§ **What you will do**
If an entry contains a picture, omit that picture and transcribe everything else exactly.
BEGIN
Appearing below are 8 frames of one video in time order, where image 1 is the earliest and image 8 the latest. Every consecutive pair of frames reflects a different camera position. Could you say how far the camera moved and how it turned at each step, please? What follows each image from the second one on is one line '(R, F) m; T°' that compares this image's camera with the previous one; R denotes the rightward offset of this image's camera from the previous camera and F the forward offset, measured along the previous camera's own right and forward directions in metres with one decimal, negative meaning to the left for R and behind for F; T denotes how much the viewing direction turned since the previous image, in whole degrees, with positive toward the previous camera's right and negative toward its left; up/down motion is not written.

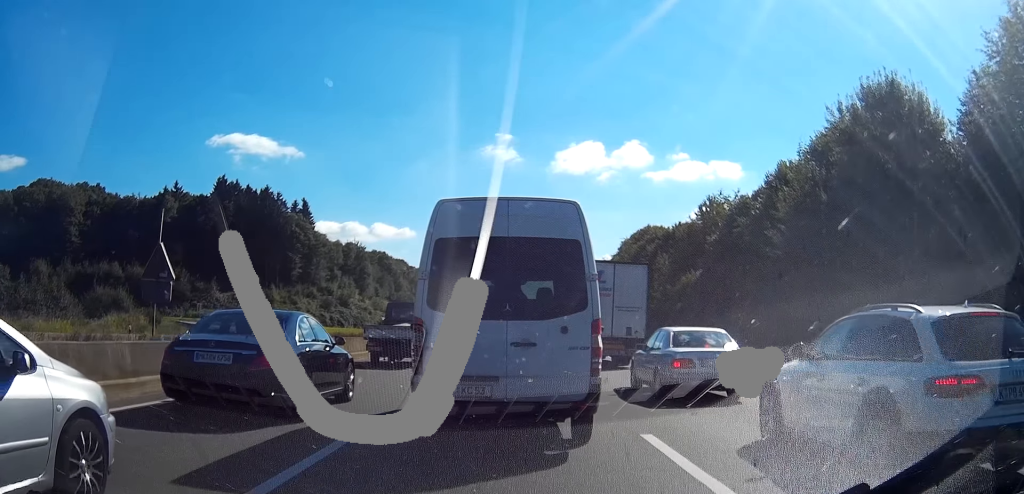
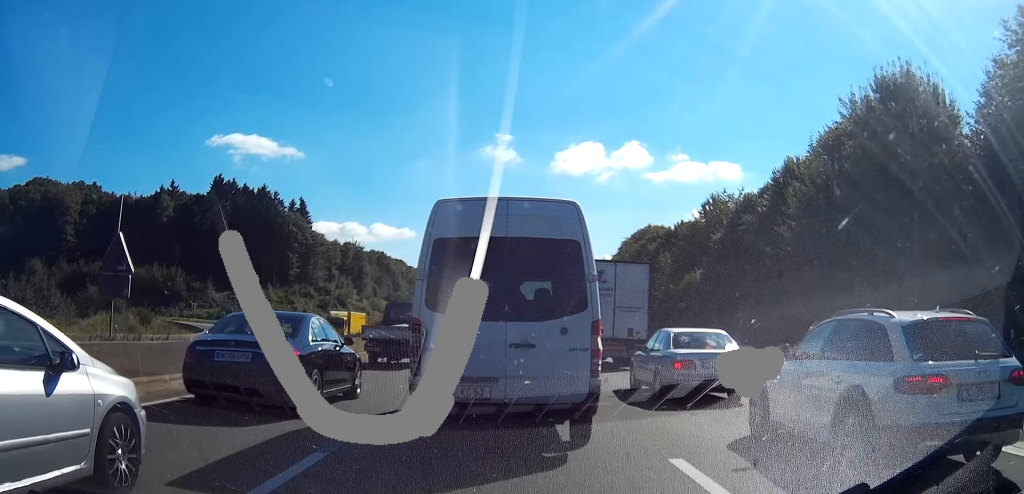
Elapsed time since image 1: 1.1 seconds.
(-0.1, +1.9) m; -2°
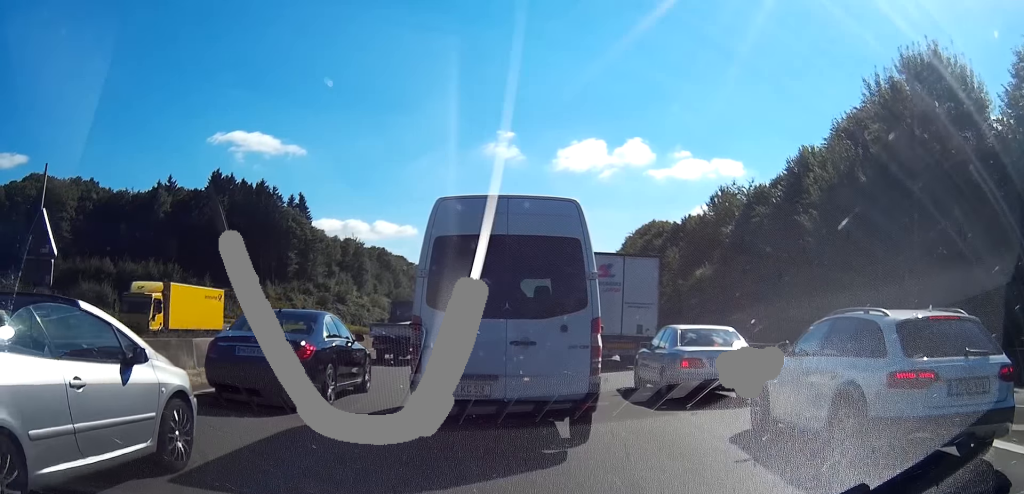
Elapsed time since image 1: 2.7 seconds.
(0.0, +2.8) m; -2°
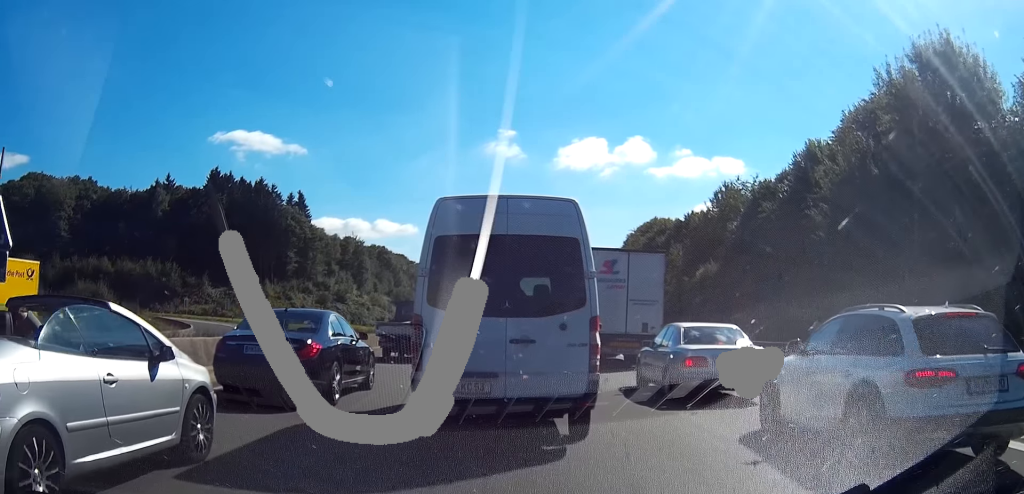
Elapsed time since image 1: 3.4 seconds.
(0.0, +1.3) m; -1°
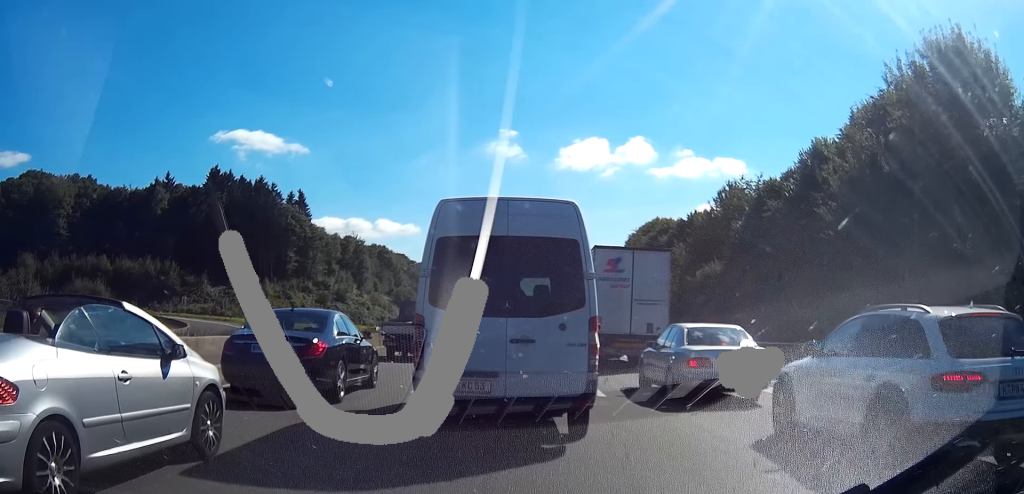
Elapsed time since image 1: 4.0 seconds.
(0.0, +1.0) m; -1°
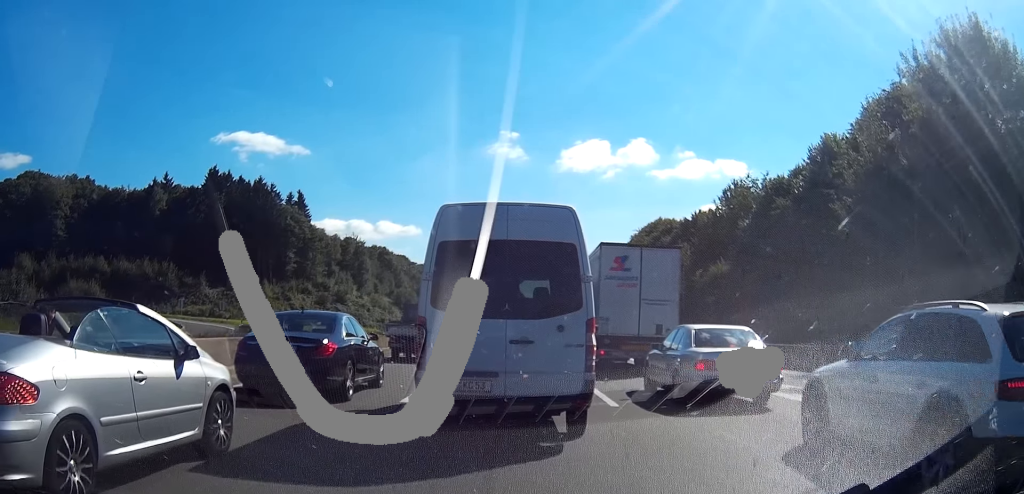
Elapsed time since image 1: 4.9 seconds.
(0.0, +1.6) m; -2°
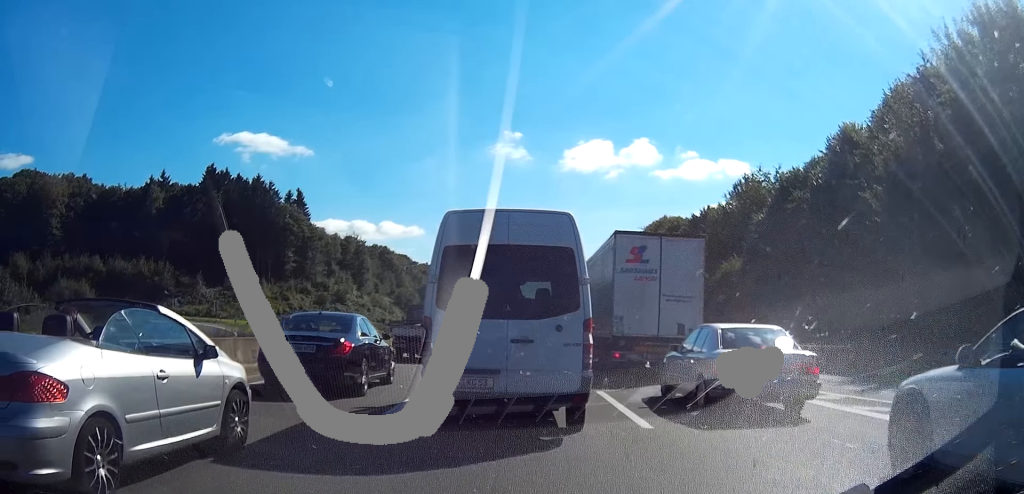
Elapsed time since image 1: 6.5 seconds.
(-0.1, +2.5) m; -1°
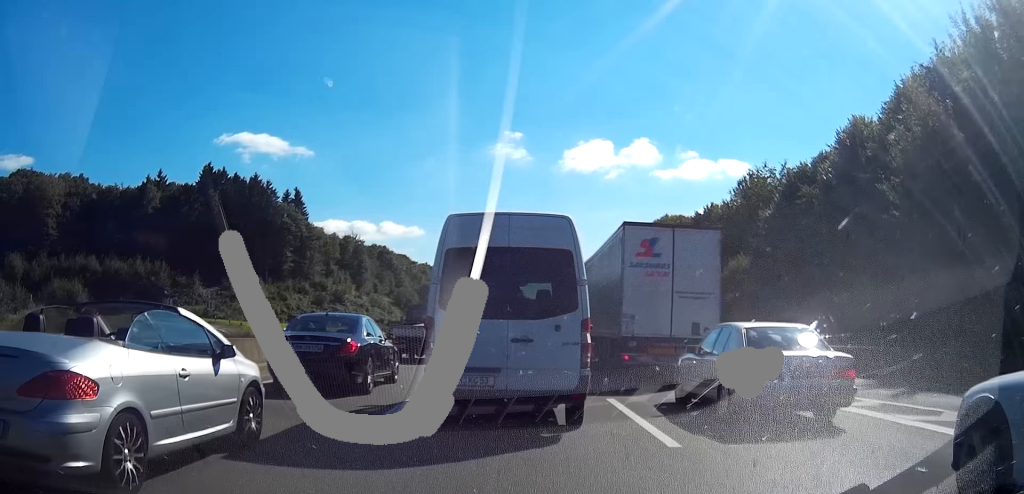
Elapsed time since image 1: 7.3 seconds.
(0.0, +1.3) m; 0°
END
§ **Response**
Appearing below are 8 frames of one video in time order, where image 1 is the earliest and image 8 the latest. Every consecutive pair of frames reflects a different camera position. Could you say how far the camera moved and how it turned at each step, please? What follows each image from the second one on is one line '(R, F) m; T°' that compares this image's camera with the previous one; R denotes the rightward offset of this image's camera from the previous camera and F the forward offset, measured along the previous camera's own right and forward directions in metres with one decimal, negative meaning to the left for R and behind for F; T denotes how much the viewing direction turned since the previous image, in whole degrees, with positive toward the previous camera's right and negative toward its left; up/down motion is not written.

Elapsed time since image 1: 1.1 seconds.
(-0.1, +1.9) m; -2°
Elapsed time since image 1: 2.7 seconds.
(0.0, +2.8) m; -2°
Elapsed time since image 1: 3.4 seconds.
(0.0, +1.3) m; -1°
Elapsed time since image 1: 4.0 seconds.
(0.0, +1.0) m; -1°
Elapsed time since image 1: 4.9 seconds.
(0.0, +1.6) m; -2°
Elapsed time since image 1: 6.5 seconds.
(-0.1, +2.5) m; -1°
Elapsed time since image 1: 7.3 seconds.
(0.0, +1.3) m; 0°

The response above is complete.